**Problem description**
Retype the whole listing verbatim and keep the pictures out of it.

**Task data**
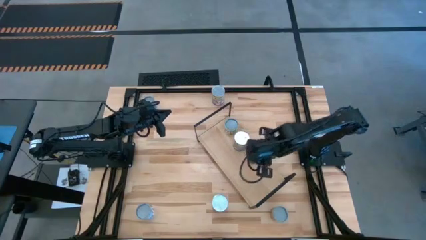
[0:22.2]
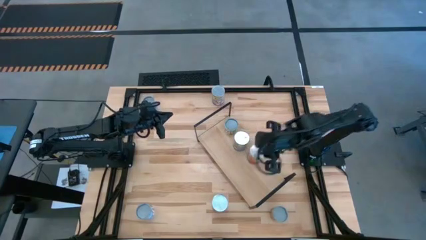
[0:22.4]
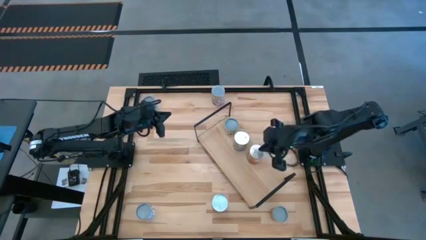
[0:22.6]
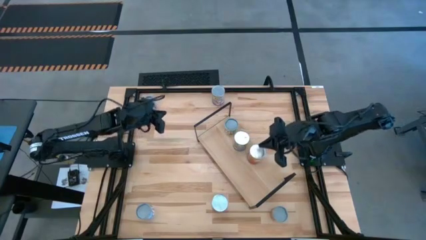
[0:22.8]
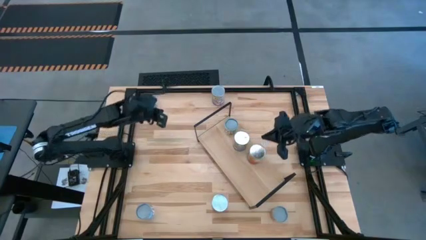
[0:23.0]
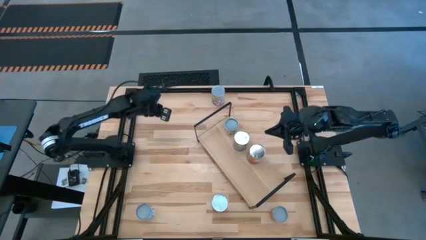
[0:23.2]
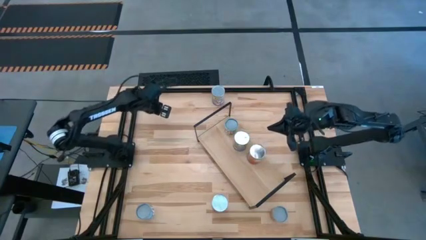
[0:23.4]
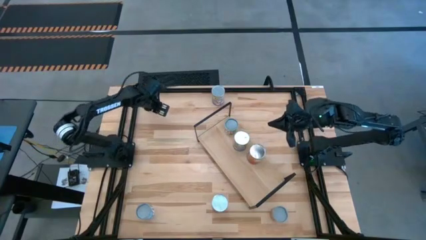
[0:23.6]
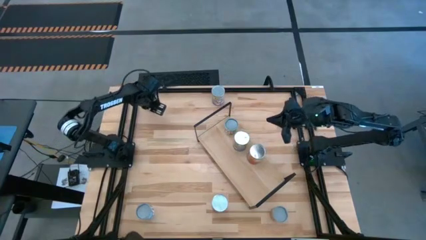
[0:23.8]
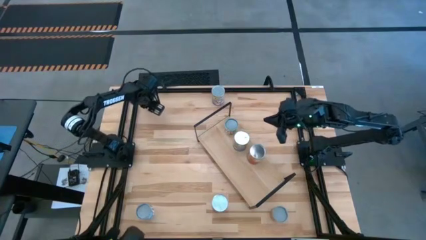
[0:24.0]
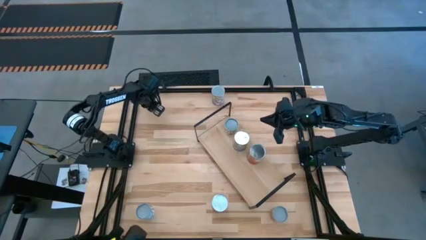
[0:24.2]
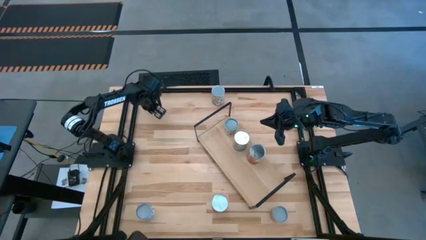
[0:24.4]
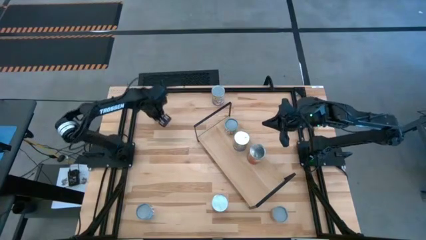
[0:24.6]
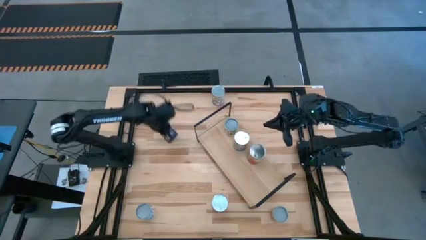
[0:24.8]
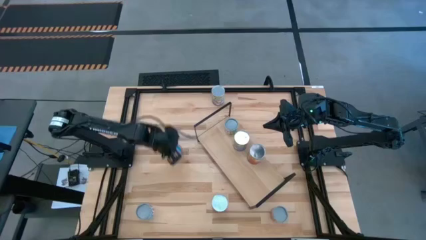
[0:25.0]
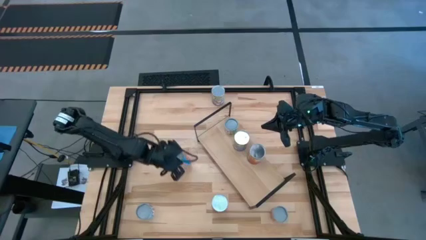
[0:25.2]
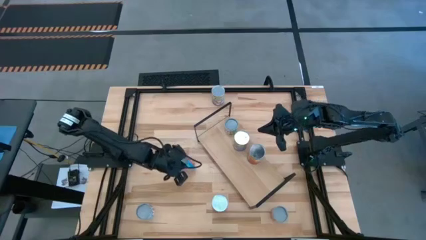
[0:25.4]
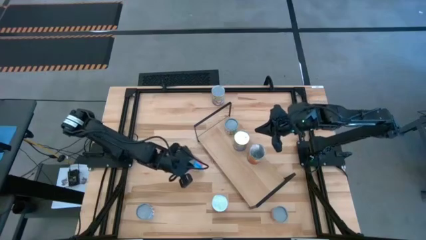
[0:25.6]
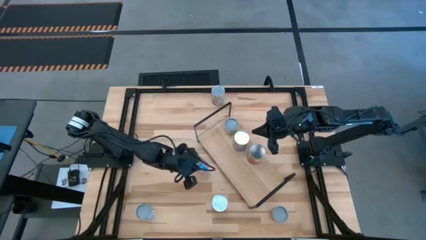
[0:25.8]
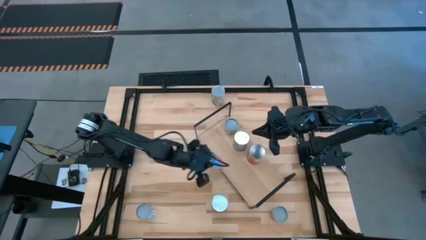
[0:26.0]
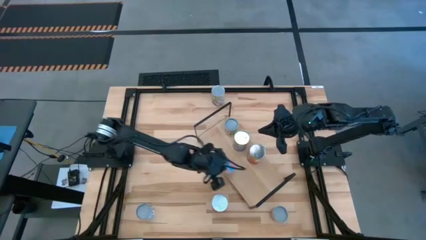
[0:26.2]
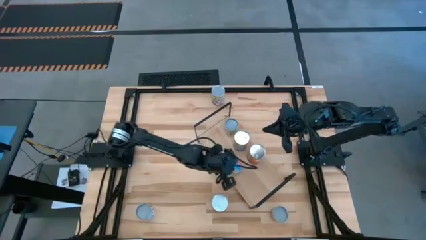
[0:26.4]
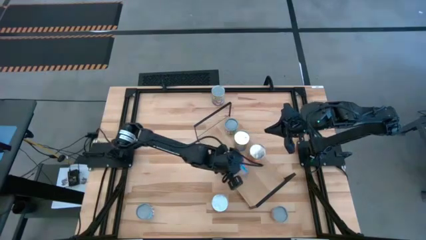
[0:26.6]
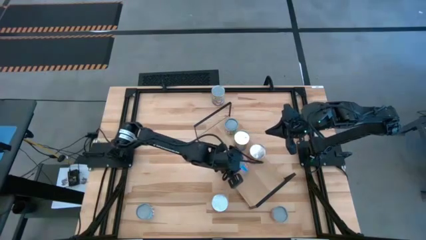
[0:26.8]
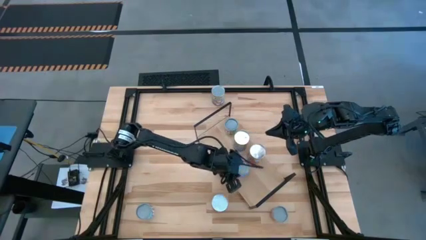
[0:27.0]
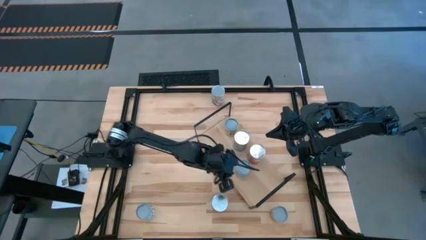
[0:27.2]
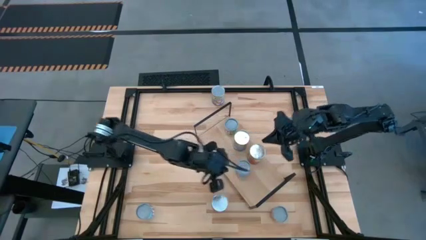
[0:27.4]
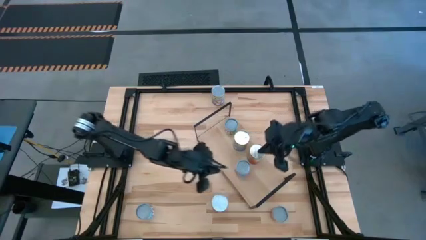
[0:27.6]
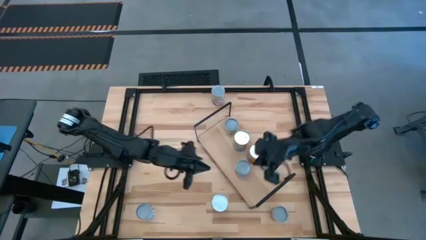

**Result**
[0:22.2]
[0:22.4]
[0:22.6]
[0:22.8]
[0:23.0]
[0:23.2]
[0:23.4]
[0:23.6]
[0:23.8]
[0:24.0]
[0:24.2]
[0:24.4]
[0:24.6]
[0:24.8]
[0:25.0]
[0:25.2]
[0:25.4]
[0:25.6]
[0:25.8]
[0:26.0]
[0:26.2]
[0:26.4]
[0:26.6]
[0:26.8]
[0:27.0]
[0:27.2]
[0:27.4]
[0:27.6]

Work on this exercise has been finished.